3D ohne Brille
Ein vom Berliner "http://www.hhi.de" Heinrich Hertz Institut und der Firma Carl Zeiss in Oberkochen entwickelter Flachbildschirm zeigt `echte´ 3D-Farbbilder ohne lästige und kontrastmindernde Shutter-Brillen.
- Manfred Bertuch
Basis ist ein LC-Display, dessen Pixelspalten im Wechsel jeweils eine Spalte des linken und des rechten Teilbildes darstellen. Ein Infrarot-(IR-)Sensor im Display-Gehäuse ortet die Position des Betrachters, um ein Linsenraster exakt so auszurichten, daß ein Auge nur die `ungeraden´ und das andere nur die `geraden´ Spalten wahrnimmt. Der Sensor orientiert sich dazu an einem IR-reflektierenden Punkt (Marker), den sich der Benutzer auf die Nasenwurzel klebt. Die Justierung des Linsenrasters erreicht eine Genauigkeit von 1 µm. Auf diese Weise bleibt der Stereoeindruck kontinuierlich und ruckfrei erhalten, auch wenn sich der Betrachter bewegt. Allerdings läßt sich das Raster immer nur auf eine Person ausrichten.
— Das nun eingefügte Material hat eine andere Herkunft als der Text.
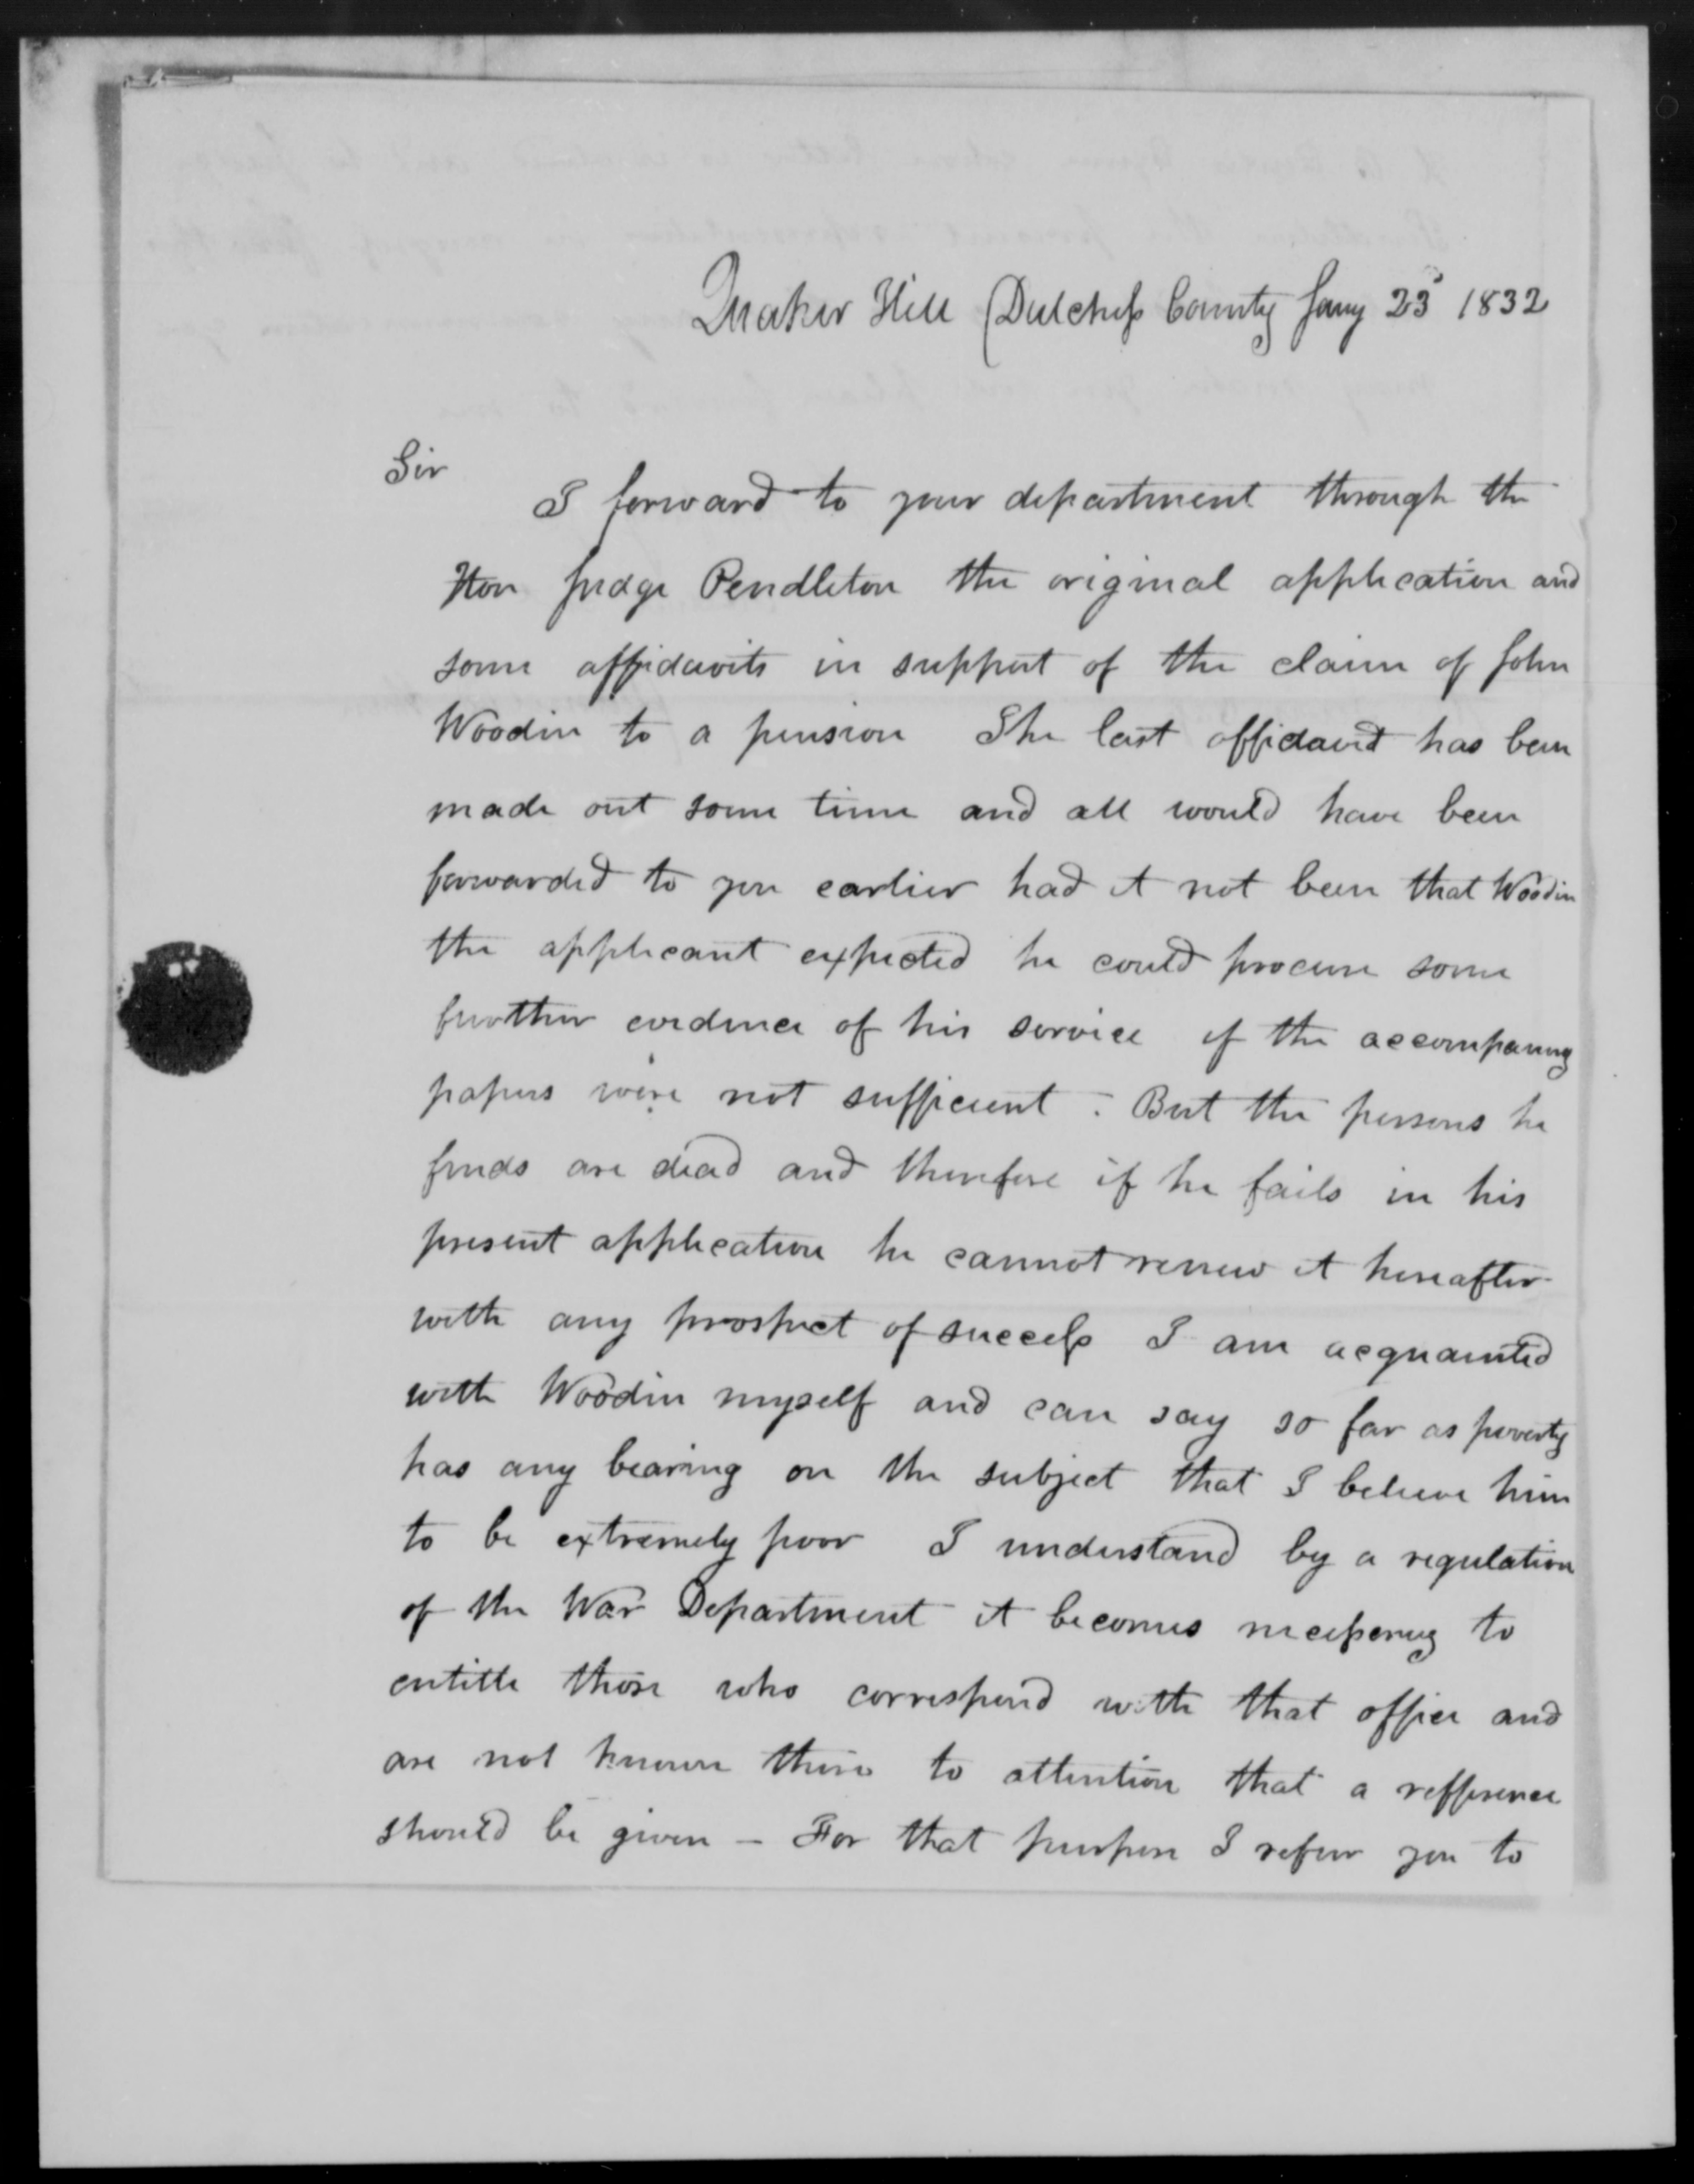Quaker Hill Dutchess County Jany 23d 1832 
Sir
I forward to your department through the Hon Judge Pendleton the original application and some affidavits in support of the claim of John Woodin to a pension The last affidavit has been made out some time and all would have been forwarded to you earlier had it not been that Woodin the applicant expected he could procure some further evidence of his service if the accompany papers were not sufficient. But the persons he finds are dead and therefore if he fails in his present application he cannot renew it hereafter with any prospect of success I am acquainted with Woodin myself and can say so far as poverty has any bearing on the subject that I believe him to be extremely poor I understand by a regulation of the War Department it becomes necessary to entitle those who correspond with that office and are not known their to attention that a refference should be given. For that purpose I refer you to

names: John Woodin
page: 72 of 77
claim: widow's
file: W. 19658, John Woodin, New York

Das 14-Zoll-Farbdisplay im Hochformat läßt sich mit FBAS- und SVGA-Signalen ansteuern und besitzt eine Auflösung von 384 x 1024 Stereopunkten. Zeiss fertigt derzeit Einzelstücke für 35 000 Mark; bei einer Serienproduktion von einigen hundert Displays jährlich soll der Preis unter 10 000 Mark sinken. Einsatzgebiete sieht die Firma zunächst bei der medizinischen Diagnose, etwa der 3D-Darstellung von Computertomographie. Für Architektur und Maschinenbau will man größere Displays mit höheren Auflösungen entwickeln.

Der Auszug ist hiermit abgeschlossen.